TASK INSTRUCTIONS ▸
All lines containing the string "salud" must be copied from the entries.

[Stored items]
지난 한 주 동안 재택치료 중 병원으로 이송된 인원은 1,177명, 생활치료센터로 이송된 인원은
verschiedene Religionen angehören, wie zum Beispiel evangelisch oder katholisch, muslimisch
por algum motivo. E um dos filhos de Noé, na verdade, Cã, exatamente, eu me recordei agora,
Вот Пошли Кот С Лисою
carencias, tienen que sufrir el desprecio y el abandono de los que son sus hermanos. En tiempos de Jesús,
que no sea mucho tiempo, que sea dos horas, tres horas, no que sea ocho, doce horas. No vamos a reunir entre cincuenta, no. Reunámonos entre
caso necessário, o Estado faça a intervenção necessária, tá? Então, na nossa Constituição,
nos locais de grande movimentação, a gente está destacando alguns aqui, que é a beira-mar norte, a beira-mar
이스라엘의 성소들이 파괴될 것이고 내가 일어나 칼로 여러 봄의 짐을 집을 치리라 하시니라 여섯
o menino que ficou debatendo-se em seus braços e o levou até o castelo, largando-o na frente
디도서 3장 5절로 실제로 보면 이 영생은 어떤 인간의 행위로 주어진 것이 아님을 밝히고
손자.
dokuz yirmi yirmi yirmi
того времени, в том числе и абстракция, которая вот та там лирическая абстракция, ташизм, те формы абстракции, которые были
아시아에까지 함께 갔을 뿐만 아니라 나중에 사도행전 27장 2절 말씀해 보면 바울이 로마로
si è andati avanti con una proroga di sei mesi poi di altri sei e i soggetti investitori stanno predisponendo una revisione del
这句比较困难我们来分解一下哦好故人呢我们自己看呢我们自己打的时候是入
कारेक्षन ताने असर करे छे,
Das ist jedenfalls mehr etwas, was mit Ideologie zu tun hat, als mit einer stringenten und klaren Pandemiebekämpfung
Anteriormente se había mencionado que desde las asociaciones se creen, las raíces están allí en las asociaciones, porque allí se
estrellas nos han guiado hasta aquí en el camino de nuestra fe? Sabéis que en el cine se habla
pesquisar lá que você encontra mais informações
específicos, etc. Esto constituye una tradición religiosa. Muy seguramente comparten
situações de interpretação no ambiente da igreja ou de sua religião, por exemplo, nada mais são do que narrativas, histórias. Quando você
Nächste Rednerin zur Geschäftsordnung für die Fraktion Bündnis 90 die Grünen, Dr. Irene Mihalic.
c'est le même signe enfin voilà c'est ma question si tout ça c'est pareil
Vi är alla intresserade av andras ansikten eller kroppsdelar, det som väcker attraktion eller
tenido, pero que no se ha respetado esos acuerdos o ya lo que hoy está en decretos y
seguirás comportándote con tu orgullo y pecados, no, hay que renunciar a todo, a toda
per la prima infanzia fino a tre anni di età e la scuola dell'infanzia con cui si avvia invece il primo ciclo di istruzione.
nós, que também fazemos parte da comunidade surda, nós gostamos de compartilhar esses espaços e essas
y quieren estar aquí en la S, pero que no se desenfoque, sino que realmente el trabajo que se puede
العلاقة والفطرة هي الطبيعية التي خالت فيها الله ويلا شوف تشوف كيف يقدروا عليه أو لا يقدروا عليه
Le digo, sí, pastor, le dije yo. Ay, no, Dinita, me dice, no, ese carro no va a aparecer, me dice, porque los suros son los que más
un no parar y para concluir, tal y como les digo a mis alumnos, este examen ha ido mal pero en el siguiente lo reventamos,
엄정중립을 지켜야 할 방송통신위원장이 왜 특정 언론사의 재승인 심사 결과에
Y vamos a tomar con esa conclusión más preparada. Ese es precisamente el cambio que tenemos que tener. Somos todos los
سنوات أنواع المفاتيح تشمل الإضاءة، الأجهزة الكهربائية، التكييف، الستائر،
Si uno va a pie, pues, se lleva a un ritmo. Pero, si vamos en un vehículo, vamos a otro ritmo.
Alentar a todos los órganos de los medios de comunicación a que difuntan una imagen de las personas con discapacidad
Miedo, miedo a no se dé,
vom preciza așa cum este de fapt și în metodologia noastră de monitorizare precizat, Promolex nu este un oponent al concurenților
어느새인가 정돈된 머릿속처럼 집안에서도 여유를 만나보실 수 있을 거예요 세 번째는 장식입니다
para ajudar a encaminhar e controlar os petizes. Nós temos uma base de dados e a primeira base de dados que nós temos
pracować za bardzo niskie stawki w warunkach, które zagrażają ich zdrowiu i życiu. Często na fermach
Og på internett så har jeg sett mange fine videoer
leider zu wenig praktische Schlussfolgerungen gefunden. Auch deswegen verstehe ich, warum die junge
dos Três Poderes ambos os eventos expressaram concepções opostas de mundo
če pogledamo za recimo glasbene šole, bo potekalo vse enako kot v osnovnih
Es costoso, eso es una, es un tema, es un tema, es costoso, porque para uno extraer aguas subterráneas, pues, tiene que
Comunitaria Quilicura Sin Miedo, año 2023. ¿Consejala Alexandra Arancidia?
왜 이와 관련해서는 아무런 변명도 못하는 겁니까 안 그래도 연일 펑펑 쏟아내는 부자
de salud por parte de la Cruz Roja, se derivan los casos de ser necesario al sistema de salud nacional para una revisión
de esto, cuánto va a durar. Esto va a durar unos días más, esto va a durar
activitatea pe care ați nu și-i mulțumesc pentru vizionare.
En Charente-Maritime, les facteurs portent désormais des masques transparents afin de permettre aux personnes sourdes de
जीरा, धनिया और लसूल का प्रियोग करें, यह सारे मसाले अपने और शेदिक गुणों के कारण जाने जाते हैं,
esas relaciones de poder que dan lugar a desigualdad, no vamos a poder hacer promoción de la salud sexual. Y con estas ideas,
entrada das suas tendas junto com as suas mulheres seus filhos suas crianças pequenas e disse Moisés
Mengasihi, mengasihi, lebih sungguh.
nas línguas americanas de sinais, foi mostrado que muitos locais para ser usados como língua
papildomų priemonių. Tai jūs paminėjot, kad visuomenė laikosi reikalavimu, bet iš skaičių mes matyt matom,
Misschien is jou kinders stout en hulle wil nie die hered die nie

WRITTEN RESPONSE ▸
de salud por parte de la Cruz Roja, se derivan los casos de ser necesario al sistema de salud nacional para una revisión
esas relaciones de poder que dan lugar a desigualdad, no vamos a poder hacer promoción de la salud sexual. Y con estas ideas,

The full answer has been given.